One rebel squad, sent to secure a vital bridge, was found later, their bodies dismembered and arranged in a chilling tableau, not unlike Seyda's work, but lacking the cold precision. Around them, scrawled in their own blood on the stone, were the words: "For the Emperor. You will not have peace."
The Seeds of Rebelllion – Kael's New Horizon
Back in Highcourt, Kael received the constant stream of grim reports. Myrren, overseeing the administrative efforts, presented data on the widespread destruction. Nalen's intelligence confirmed the true nature of these remnants: Daegarn's deliberate scattering. They were not just a consequence of victory; they were a calculated, final act of war.
"They leave us a thousand needles in the flesh of our new kingdom," Myrren said, her face taut. "Every loyalist they abandon, every granary they burn, creates a new problem. A new desperate element we have to fight. It drains our men. It drains our resources. It breeds fear among the very people we claim to save."
Kael listened, his gaze fixed on the map, tracing the countless small, dark marks representing the scattered remnants. He thought of Daegarn, the old Marshal, broken but unbowed, choosing to leave him with this bitter inheritance. It was a viciously clever move, turning defeat into a lingering poison.

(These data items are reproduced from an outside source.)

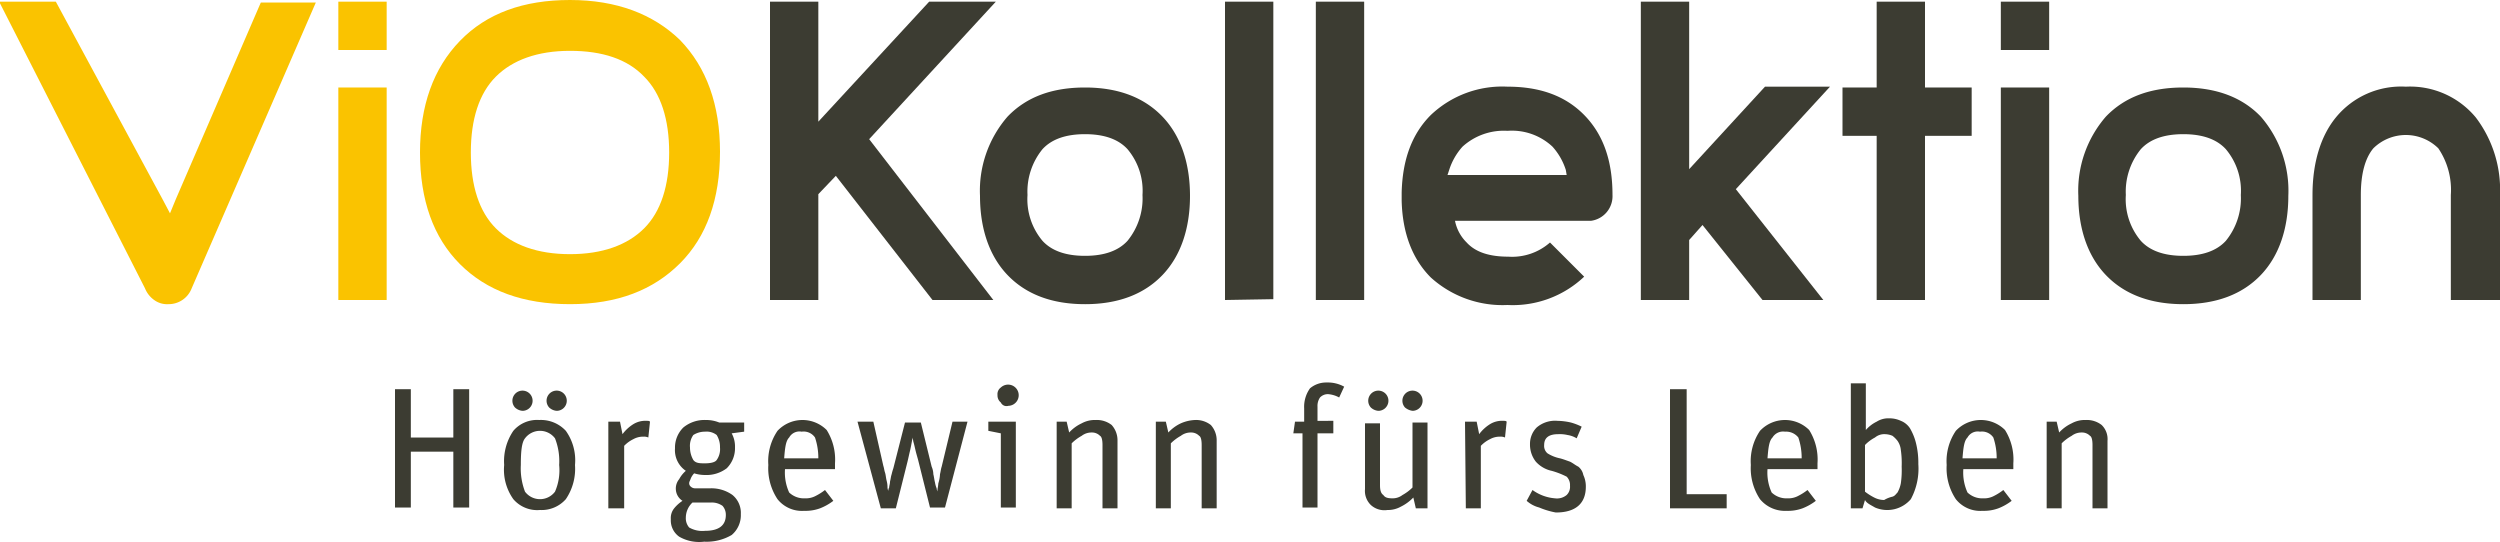 <svg id="ViO_Kollektion_Logo-2021" xmlns="http://www.w3.org/2000/svg" width="300" height="65.025" viewBox="0 0 300 65.025">
  <rect id="Rechteck_819" data-name="Rechteck 819" width="5.8" height="5.8" transform="translate(240.1 0.2)" fill="#3c3c32"/>
  <rect id="Rechteck_820" data-name="Rechteck 820" width="5.8" height="5.8" transform="translate(40.6 0.2)" fill="#fac300"/>
  <rect id="Rechteck_821" data-name="Rechteck 821" width="5.8" height="35.8" transform="translate(157.9 0.2)" fill="#3c3c32"/>
  <path id="Pfad_737" data-name="Pfad 737" d="M147,.2V36l5.8-.1V.2Z" fill="#3c3c32"/>
  <g id="Gruppe_916" data-name="Gruppe 916">
    <path id="Pfad_738" data-name="Pfad 738" d="M130.2,16.1q-3.45,0-5.1,1.8a8.056,8.056,0,0,0-1.8,5.5,7.754,7.754,0,0,0,1.8,5.5q1.65,1.8,5.1,1.8t5.1-1.8a8.056,8.056,0,0,0,1.8-5.5,7.754,7.754,0,0,0-1.8-5.5q-1.65-1.8-5.1-1.8m0,20.4c-4,0-7.1-1.2-9.3-3.5s-3.3-5.6-3.3-9.5a13.565,13.565,0,0,1,3.3-9.5c2.3-2.4,5.4-3.5,9.3-3.5,4,0,7.1,1.2,9.3,3.5s3.3,5.6,3.3,9.5-1.1,7.2-3.3,9.5-5.3,3.5-9.3,3.5" fill="#3c3c32"/>
  </g>
  <path id="Pfad_739" data-name="Pfad 739" d="M196.9.2V36h5.8V28.8l1.6-1.8,7.2,9h7.3L208.3,22.7l11.3-12.3h-7.8l-9.1,9.9V.2Z" fill="#3c3c32"/>
  <g id="Gruppe_917" data-name="Gruppe 917">
    <path id="Pfad_740" data-name="Pfad 740" d="M262,16.1q-3.45,0-5.1,1.8a8.056,8.056,0,0,0-1.8,5.5,7.754,7.754,0,0,0,1.8,5.5q1.65,1.8,5.1,1.8t5.1-1.8a8.056,8.056,0,0,0,1.8-5.5,7.754,7.754,0,0,0-1.8-5.5q-1.65-1.8-5.1-1.8m0,20.4c-4,0-7.1-1.2-9.3-3.5s-3.3-5.6-3.3-9.5a13.565,13.565,0,0,1,3.3-9.5c2.3-2.4,5.4-3.5,9.3-3.5,4,0,7.1,1.2,9.3,3.5a13.565,13.565,0,0,1,3.3,9.5c0,3.9-1.1,7.2-3.3,9.5s-5.3,3.5-9.3,3.5" fill="#3c3c32"/>
  </g>
  <rect id="Rechteck_822" data-name="Rechteck 822" width="5.8" height="25.5" transform="translate(240.1 10.5)" fill="#3c3c32"/>
  <path id="Pfad_741" data-name="Pfad 741" d="M225.2.2V10.5h-4.1v5.8h4.1V36H231V16.3h5.6V10.5H231V.2Z" fill="#3c3c32"/>
  <path id="Pfad_742" data-name="Pfad 742" d="M111.5.2,98.2,14.6V.2H92.4V36h5.8V23.3l2.1-2.2L111.9,36h7.3L104.3,16.7,119.5.2Z" fill="#3c3c32"/>
  <g id="Gruppe_918" data-name="Gruppe 918">
    <path id="Pfad_743" data-name="Pfad 743" d="M294.1,36V23.4a8.9,8.9,0,0,0-1.5-5.6,5.553,5.553,0,0,0-7.8,0c-1,1.2-1.5,3.1-1.5,5.6V36h-5.8V23.4c0-3.9,1-7.1,2.8-9.3a10.113,10.113,0,0,1,8.4-3.7,10.243,10.243,0,0,1,8.4,3.7,14.36,14.36,0,0,1,2.9,9.3V36Z" fill="#3c3c32"/>
    <path id="Pfad_744" data-name="Pfad 744" d="M188,21H173.7l.2-.6a7.624,7.624,0,0,1,1.6-2.8,7.364,7.364,0,0,1,5.4-1.9,7.123,7.123,0,0,1,5.4,1.9,7.624,7.624,0,0,1,1.6,2.8Zm5.5,2.4h0c0-4.1-1.1-7.2-3.3-9.5-2.3-2.4-5.4-3.5-9.3-3.5a12.455,12.455,0,0,0-9.2,3.4c-2.3,2.3-3.4,5.4-3.5,9.3v1c.1,3.9,1.3,7,3.5,9.2a12.809,12.809,0,0,0,9.2,3.3,12.455,12.455,0,0,0,9.2-3.4L186,29.1a6.865,6.865,0,0,1-5,1.7c-2.2,0-3.9-.5-5-1.7a5.024,5.024,0,0,1-1.4-2.6h16.3a2.984,2.984,0,0,0,2.6-3.1" fill="#3c3c32"/>
  </g>
  <rect id="Rechteck_823" data-name="Rechteck 823" width="5.8" height="25.5" transform="translate(40.6 10.5)" fill="#fac300"/>
  <g id="Gruppe_919" data-name="Gruppe 919">
    <path id="Pfad_745" data-name="Pfad 745" d="M0,.4,17.4,34.6A3.142,3.142,0,0,0,18.5,36a2.618,2.618,0,0,0,1.7.5A2.961,2.961,0,0,0,23,34.6L37.9.3H31.3L21.1,23.9l-.7,1.7-.9-1.7L6.7.2H0Z" fill="#fac300"/>
    <path id="Pfad_746" data-name="Pfad 746" d="M68.4,6.1c-3.9,0-6.9,1.1-8.9,3.1s-3,5.1-3,9.1,1,7.1,3,9.1,5,3.1,8.9,3.1,6.9-1.1,8.9-3.1,3-5.1,3-9.1-1-7.1-3-9.1c-2-2.1-5-3.1-8.9-3.1m0,30.4q-8.4,0-13.2-4.8C52,28.5,50.4,24,50.4,18.3c0-5.6,1.6-10.1,4.8-13.4S62.8,0,68.4,0s10,1.7,13.2,4.8c3.2,3.3,4.8,7.8,4.8,13.4,0,5.7-1.6,10.2-4.8,13.4s-7.5,4.9-13.2,4.9" fill="#fac300"/>
    <path id="Pfad_747" data-name="Pfad 747" d="M245.4,50.6h1.4l.3,1.3a4.789,4.789,0,0,1,1.5-1.1,3.287,3.287,0,0,1,1.7-.4,2.883,2.883,0,0,1,1.9.6,2.352,2.352,0,0,1,.7,1.9V61h-1.8V53.4c0-.6-.1-1-.3-1.1a1.333,1.333,0,0,0-1-.4,1.922,1.922,0,0,0-1.2.4,5.383,5.383,0,0,0-1.2.9V61h-1.8V50.6Zm-9.3,1.9c-.4.4-.5,1.2-.6,2.5h4.1a7.637,7.637,0,0,0-.4-2.5,1.651,1.651,0,0,0-1.6-.7,1.412,1.412,0,0,0-1.5.7m-1.4,7.4a6.684,6.684,0,0,1-1.1-4.1,6.481,6.481,0,0,1,1.1-4.1,4.108,4.108,0,0,1,5.9-.1,6.656,6.656,0,0,1,1,4v.7h-6a5.752,5.752,0,0,0,.5,2.8,2.561,2.561,0,0,0,1.9.7,2.5,2.5,0,0,0,1.3-.3,6.727,6.727,0,0,0,1.1-.7l1,1.3a6.467,6.467,0,0,1-1.6.9,5.04,5.04,0,0,1-1.9.3,3.746,3.746,0,0,1-3.2-1.4m-7.6-.3c.3-.1.4-.3.6-.5a3.582,3.582,0,0,0,.4-1.1,10.932,10.932,0,0,0,.1-2,10.932,10.932,0,0,0-.1-2,2.3,2.3,0,0,0-.4-1.1,3.394,3.394,0,0,0-.6-.6,2.388,2.388,0,0,0-.9-.2,1.746,1.746,0,0,0-1.2.4,4.7,4.7,0,0,0-1.2.9V59a6.726,6.726,0,0,0,1.1.7,2.663,2.663,0,0,0,1.2.3,3.379,3.379,0,0,1,1-.4M225,60.9c-.5-.3-1-.5-1.2-.9l-.3,1h-1.4V46h1.8v5.6a4.125,4.125,0,0,1,1.3-1,2.6,2.6,0,0,1,1.5-.4,3.194,3.194,0,0,1,1.4.3,2.326,2.326,0,0,1,1.1.9,6.689,6.689,0,0,1,.7,1.7,9.78,9.78,0,0,1,.3,2.6,7.709,7.709,0,0,1-.9,4.2,3.726,3.726,0,0,1-4.3,1m-12.3-8.4c-.4.4-.5,1.2-.6,2.5h4.1a7.637,7.637,0,0,0-.4-2.5,1.874,1.874,0,0,0-1.6-.7,1.488,1.488,0,0,0-1.5.7m-1.5,7.4a6.684,6.684,0,0,1-1.1-4.1,6.481,6.481,0,0,1,1.1-4.1,4.108,4.108,0,0,1,5.9-.1,6.656,6.656,0,0,1,1,4v.7h-6a5.752,5.752,0,0,0,.5,2.8,2.561,2.561,0,0,0,1.9.7,2.5,2.5,0,0,0,1.3-.3,6.727,6.727,0,0,0,1.1-.7l1,1.3a6.467,6.467,0,0,1-1.6.9,5.04,5.04,0,0,1-1.9.3,3.875,3.875,0,0,1-3.2-1.4M200.5,46.7h1.9V59.3h4.8V61h-6.8V46.7ZM184.7,60.9a3.606,3.606,0,0,1-1.5-.8l.7-1.3a5.3,5.3,0,0,0,2.7,1,1.809,1.809,0,0,0,1.4-.4,1.366,1.366,0,0,0,.4-1.1,1.418,1.418,0,0,0-.4-1.1,9.5,9.5,0,0,0-1.8-.7,3.564,3.564,0,0,1-1.9-1.1,3.3,3.3,0,0,1-.7-2.1,2.792,2.792,0,0,1,.8-2,3.394,3.394,0,0,1,2.5-.8,7.772,7.772,0,0,1,1.6.2,6.944,6.944,0,0,1,1.3.5l-.6,1.4a2.967,2.967,0,0,0-1.1-.4,4.1,4.1,0,0,0-1.1-.1c-1.1,0-1.7.4-1.7,1.3a1.16,1.16,0,0,0,.4,1,4.505,4.505,0,0,0,1.5.6c.4.1.9.3,1.2.4.4.2.6.4,1,.6a1.7,1.7,0,0,1,.6,1,3.194,3.194,0,0,1,.3,1.4c0,2-1.2,3.1-3.6,3.1a9.48,9.48,0,0,1-2-.6m-8.9-10.3h1.4l.3,1.5a4.739,4.739,0,0,1,1.3-1.2,2.726,2.726,0,0,1,1.6-.4c.2,0,.3,0,.4.1l-.2,1.9a1.268,1.268,0,0,0-.6-.1,2.375,2.375,0,0,0-1.2.3,3.827,3.827,0,0,0-1.1.8V61h-1.8l-.1-10.4Zm-11.3-1.7a1.212,1.212,0,1,1,.9.4,1.489,1.489,0,0,1-.9-.4m4.1,0a1.212,1.212,0,1,1,.9.4,1.8,1.8,0,0,1-.9-.4m-4.1,11.7a2.352,2.352,0,0,1-.7-1.9V50.8h1.8v7.4c0,.6.1,1,.4,1.2.2.3.5.4,1.1.4a1.922,1.922,0,0,0,1.2-.4,5.383,5.383,0,0,0,1.2-.9V50.7h1.8V61h-1.4l-.3-1.3a5.272,5.272,0,0,1-1.5,1.1,3.167,3.167,0,0,1-1.6.4,2.42,2.42,0,0,1-2-.6m-9.1-10h1.1V49a3.809,3.809,0,0,1,.7-2.4,3.011,3.011,0,0,1,2-.7,4.064,4.064,0,0,1,2.1.5l-.6,1.3a3.258,3.258,0,0,0-1.3-.4,1.284,1.284,0,0,0-1,.4,1.8,1.8,0,0,0-.3,1.1v1.7H160V52h-1.9v8.9h-1.8V52h-1.1l.2-1.4Zm-16.9,0h1.4l.3,1.3a4.789,4.789,0,0,1,1.5-1.1,4.711,4.711,0,0,1,1.7-.4,2.883,2.883,0,0,1,1.9.6,2.738,2.738,0,0,1,.7,1.9V61h-1.8V53.4c0-.6-.1-1-.3-1.1a1.333,1.333,0,0,0-1-.4,1.922,1.922,0,0,0-1.2.4,5.383,5.383,0,0,0-1.2.9V61h-1.8V50.6Zm-11.9,0H128l.3,1.3a4.789,4.789,0,0,1,1.5-1.1,3.287,3.287,0,0,1,1.7-.4,2.883,2.883,0,0,1,1.9.6,2.738,2.738,0,0,1,.7,1.9V61h-1.8V53.4c0-.6-.1-1-.3-1.1a1.333,1.333,0,0,0-1-.4,1.922,1.922,0,0,0-1.2.4,5.383,5.383,0,0,0-1.2.9V61h-1.8V50.6Zm-6.5-2.3a1.086,1.086,0,0,1-.4-.9.975.975,0,0,1,.4-.9,1.273,1.273,0,1,1,.9,2.2.751.751,0,0,1-.9-.4m0,3.7-1.5-.3V50.6h3.3V60.9h-1.8V52Zm-17.2-1.4h1.9l1.2,5.3c.1.3.1.5.2.8s.1.6.2,1a2.814,2.814,0,0,1,.1.8,1.034,1.034,0,0,0,.1.4h0a.756.756,0,0,1,.1-.4c0-.2.1-.4.1-.7.1-.4.1-.6.2-.9a6.373,6.373,0,0,1,.2-.7l1.4-5.5h1.9l1.3,5.3a2.388,2.388,0,0,1,.2.9c.1.4.1.6.2,1a3.1,3.1,0,0,0,.2.7c0,.2.1.3.1.4h0v-.3a5.639,5.639,0,0,0,.1-.7,4.253,4.253,0,0,0,.2-1.1c.1-.4.1-.6.2-.9l1.3-5.4h1.8l-2.7,10.3h-1.8l-1.4-5.6c-.1-.4-.2-.7-.3-1.1s-.2-.9-.3-1.2a4.331,4.331,0,0,0-.1-.5h0v.1c-.1.5-.2,1.1-.3,1.5s-.2.9-.3,1.3L107.5,61h-1.8Zm-8.2,1.9c-.4.4-.5,1.2-.6,2.5h4.1a7.637,7.637,0,0,0-.4-2.5,1.651,1.651,0,0,0-1.6-.7,1.412,1.412,0,0,0-1.5.7m-1.4,7.4a6.684,6.684,0,0,1-1.1-4.1,6.481,6.481,0,0,1,1.1-4.1,4.108,4.108,0,0,1,5.9-.1,6.656,6.656,0,0,1,1,4v.7h-6a5.752,5.752,0,0,0,.5,2.8,2.561,2.561,0,0,0,1.9.7,2.5,2.5,0,0,0,1.3-.3,6.726,6.726,0,0,0,1.1-.7l1,1.3a6.467,6.467,0,0,1-1.6.9,5.04,5.04,0,0,1-1.9.3,3.746,3.746,0,0,1-3.2-1.4M86,55.2a2.235,2.235,0,0,0,.4-1.5,2.7,2.7,0,0,0-.4-1.5,1.955,1.955,0,0,0-1.4-.4,2.588,2.588,0,0,0-1.4.4,2.235,2.235,0,0,0-.4,1.5,2.982,2.982,0,0,0,.4,1.5c.3.4.8.4,1.4.4s1.2-.1,1.4-.4m-3.7,6.9a1.691,1.691,0,0,0,.4,1.2,3.161,3.161,0,0,0,1.9.4c1.6,0,2.5-.6,2.5-1.9a1.6,1.6,0,0,0-.4-1.1,2.226,2.226,0,0,0-1.3-.4H83.1a2.5,2.5,0,0,0-.8,1.8m-.8,2.3a2.393,2.393,0,0,1-1-2.1,1.844,1.844,0,0,1,.4-1.3,4.3,4.3,0,0,1,1-.9,1.723,1.723,0,0,1-.8-1.4,1.746,1.746,0,0,1,.4-1.2,3.511,3.511,0,0,1,.8-1A2.992,2.992,0,0,1,81,53.8a3.379,3.379,0,0,1,1-2.5,4,4,0,0,1,2.7-.9,4.146,4.146,0,0,1,1.6.3h3v1.1l-1.5.2a3.287,3.287,0,0,1,.4,1.7,3.379,3.379,0,0,1-1,2.5,4.033,4.033,0,0,1-2.6.8,4.438,4.438,0,0,1-1.3-.2,2.092,2.092,0,0,0-.4.6c-.1.3-.2.4-.2.6a.52.52,0,0,0,.2.4.764.764,0,0,0,.5.2h1.8a4.338,4.338,0,0,1,2.7.8,2.783,2.783,0,0,1,1,2.3,3.1,3.1,0,0,1-1.1,2.5,5.94,5.94,0,0,1-3.3.8,4.784,4.784,0,0,1-3-.6M73,50.6h1.4l.3,1.5A4.74,4.74,0,0,1,76,50.9a2.726,2.726,0,0,1,1.6-.4c.2,0,.3,0,.4.1l-.2,1.9a1.268,1.268,0,0,0-.6-.1,2.375,2.375,0,0,0-1.2.3,3.827,3.827,0,0,0-1.1.8V61H73V50.6ZM61.8,48.9a1.212,1.212,0,1,1,.9.4,1.489,1.489,0,0,1-.9-.4m4.1,0a1.213,1.213,0,1,1,.9.4,1.489,1.489,0,0,1-.9-.4M66.6,59a6.414,6.414,0,0,0,.5-3.2,7.481,7.481,0,0,0-.5-3.2,2.25,2.25,0,0,0-3.6,0c-.4.5-.5,1.6-.5,3.2A7.814,7.814,0,0,0,63,59a2.25,2.25,0,0,0,3.6,0m-5,.9a6.083,6.083,0,0,1-1.1-4.1,6.481,6.481,0,0,1,1.1-4.1,3.739,3.739,0,0,1,3.1-1.3,4.08,4.08,0,0,1,3.2,1.3A6.083,6.083,0,0,1,69,55.8a6.481,6.481,0,0,1-1.1,4.1,3.871,3.871,0,0,1-3.1,1.3,3.776,3.776,0,0,1-3.2-1.3M47.4,46.7h1.9v5.8h5.1V46.7h1.9V60.9H54.4V54.2H49.3v6.7H47.4Z" fill="#3c3c32"/>
  </g>
</svg>

He turned to his council, his voice cold and deliberate. "We will not give them the satisfaction of perpetual chaos. We will not let their dying breath define our reign."
He set out new, comprehensive directives. Theron Varkhale and Dren would command highly mobile, elite units, tasked not just with eliminating hostile remnants, but with distinguishing between desperate deserters and malicious bandits. Those willing to surrender and offer service to the new order would be given the chance. Those who continued to terrorize the populace would face the Ashmark Scythe. No more lingering. No more allowing festering wounds.
Lady Virelle's network was tasked with intelligence on these scattered groups: their numbers, their leadership, their patterns. She was to identify any potential weakness, any flicker of pragmatism that could be leveraged.
Seyda's Red Veil, with their unique methods, would be deployed selectively. Not for full-scale purges, but for targeted psychological warfare against the most hardened, defiant pockets of loyalists, pushing them to surrender or break. Her terror would now serve to hasten peace, not just victory.
Kael knew this was the grim work of state-building. The old Empire was dead, but its shadow stretched long and dark across the land, a poison in the very soil. He would have to root it out, systematically, brutally, if necessary. The nature of this task was in the grim determination to eliminate lingering resistance, the harsh justice meted out to those who refused the new order, and the enduring brutality required to forge peace from the ashes of total war. He would not just conquer the land; he would cleanse it.